If we look in the Solr schema, we’ll also see dynamic fields for the other field types in SolrFieldTypeConverter as well, including *_currency, *_money, *_i, etc.

Important
When using phonetic matching, it is crucial to make sure that the language(s) your applications use are supported by the configured Search Engine (e.g. Solr) and its analyzer, to avoid adverse search behaviors (e.g. irrelevant data being matched). Out of the box, Broadleaf uses Apache Solr and Beider-Morse Phonetic Matching (BMPM) analyzer for phonetic matching. For all the other analyzers and supported languages in Apache Solr, please see Solr’s Phonetic Matching Reference Guide for more details

Field Queries

Field queries are a search time concept. Solr allows multiple queries to be performed simultaneously in a single request. Out of box, we use this capability to perform multiple queries, utilizing different fields and boost values.

This is achieved through Solr’s psuedofield feature.
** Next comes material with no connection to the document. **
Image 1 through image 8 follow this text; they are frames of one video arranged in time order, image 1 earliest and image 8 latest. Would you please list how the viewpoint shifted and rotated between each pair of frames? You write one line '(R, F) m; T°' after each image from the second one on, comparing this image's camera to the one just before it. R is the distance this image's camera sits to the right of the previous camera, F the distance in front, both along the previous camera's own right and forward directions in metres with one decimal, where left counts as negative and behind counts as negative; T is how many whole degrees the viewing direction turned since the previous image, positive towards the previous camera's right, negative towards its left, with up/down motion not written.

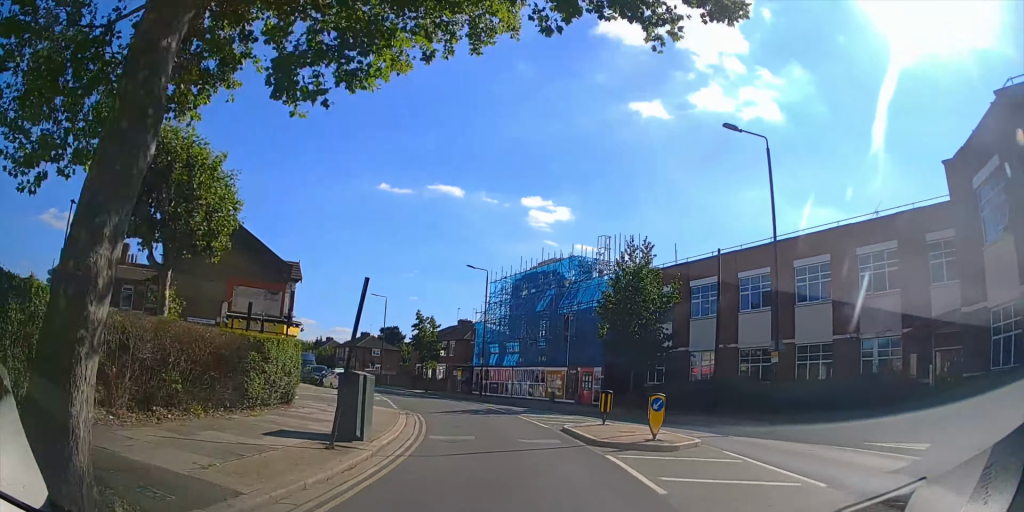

By default, there are three types of queries performed:

  1. Word

  2. Phrase

  3. Phrase exact

This is actually interpreted in the following way when the request is sent to Solr:

The q param: q=word:(my search)^2.0 || phrase_exact:("my search")^4.0 || phrase:("my search"~2)^3.0

The query fields: f.phrase.qf=some_field_s&f.word.qf=other_field_s&f.phrase_exact.f=some_third_field_s

Using this feature, we can search across different fields with different boost values, plus, in the case of the phrase query, different phrase slop values.